* _YOUR OBJECTIVE_: Somewhere below, one line contains "Q: Is the text underlined? A: No." and a later line contains "Q: Width (condensed, normal, or". Output those two lines and everything between them exactly, and nothing else.

-- DATA EXCERPTS follows --

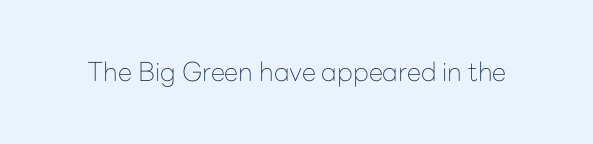
The image shows 26 px text type, upright; set normal letter spacing, not underlined.
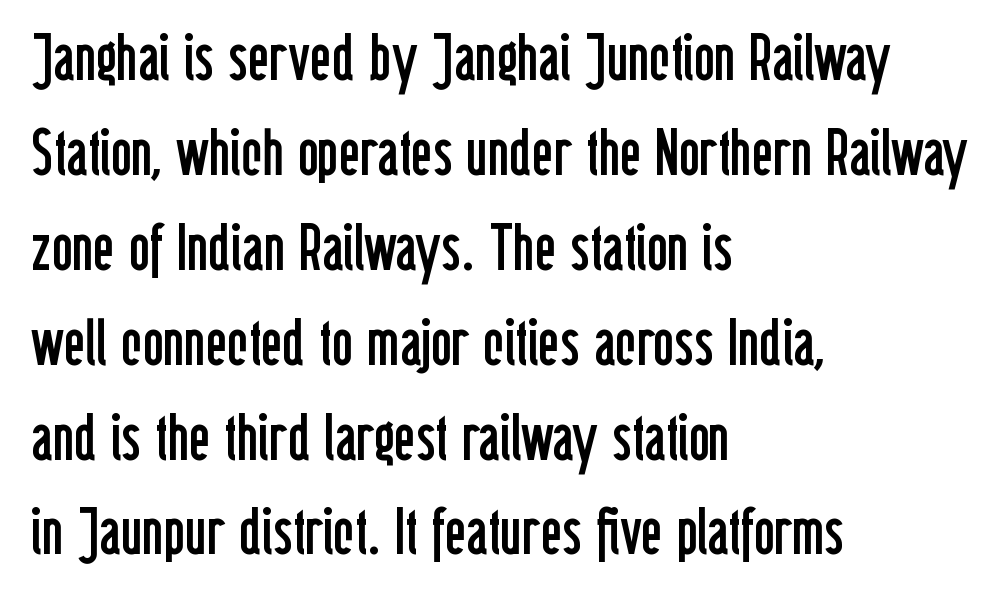
Q: Is the text bold? A: No.
Q: Is the text italic (slanted)? A: No, it is upright.
Q: Is the typeface a serif or a sans-serif typeface? A: Sans-serif.
Q: Is the text underlined? A: No.
Q: How is the paragraph aligned? A: Left-aligned.
Q: Is the spacing between letters normal or unusually wide? A: Normal.
Q: Is the spacing between lines tight, normal or loose? A: Normal.
Q: Width (condensed, normal, or wide)? A: Condensed.
Q: Stroke contrast? A: Low.
Q: x-height? A: Medium.
Q: Monospaced? A: No.
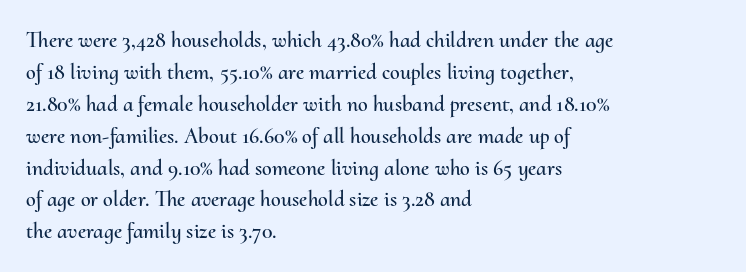
Left-aligned paragraph, ragged on the right. Rendered with straight, roman letterforms. Successive baselines arrive at the customary interval. Descenders are the only things crossing below the line. Is the letter spacing exaggerated? No — it looks like the ordinary default.
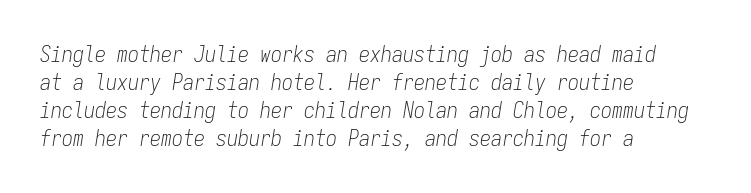
The image shows 22 px text type, italic (leaning right); set left-aligned, normal line spacing (1.27x), normal letter spacing, not underlined.
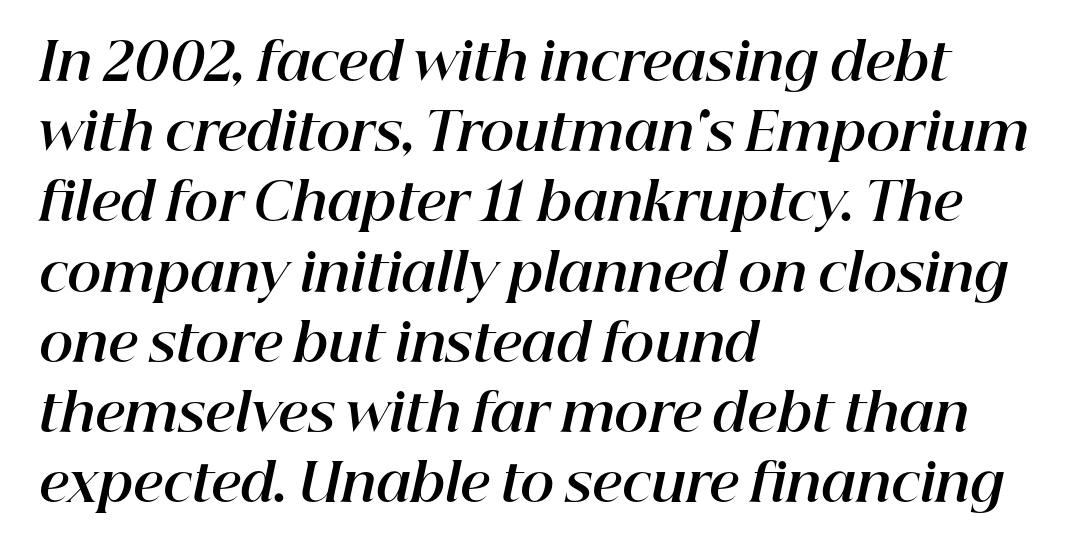
These lines keep a tight, regular rhythm from letter to letter. Looks like regular typesetting: each glyph gets only the width it needs. Heavy, bold letterforms. Style check: oblique. Baseline-to-baseline distance is the conventional proportion of letter height.
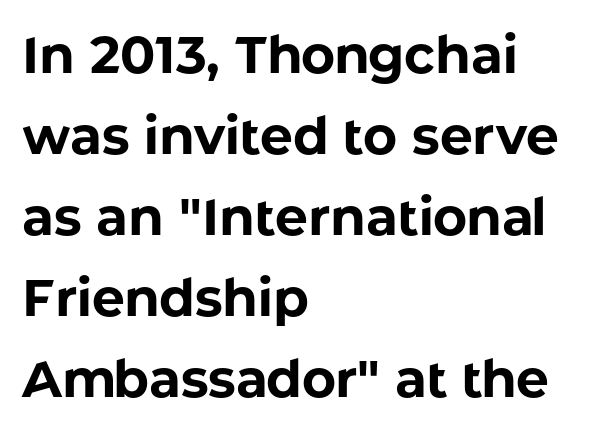
{"serif": "no", "italic": "no", "bold": "yes", "weight": "bold", "width": "normal", "stroke_contrast": "low", "x_height": "medium", "monospaced": "no", "underline": "no", "align": "left", "line_spacing": "normal", "line_spacing_ratio": 1.56, "letter_spacing": "normal", "letter_spacing_em": 0.0, "glyph_px": 52}

-- DATA EXCERPTS concluded --

* _ANSWER SECTION_:
Q: Is the text underlined? A: No.
Q: How is the paragraph aligned? A: Left-aligned.
Q: Is the spacing between letters normal or unusually wide? A: Normal.
Q: Is the spacing between lines tight, normal or loose? A: Normal.
Q: Width (condensed, normal, or wide)? A: Condensed.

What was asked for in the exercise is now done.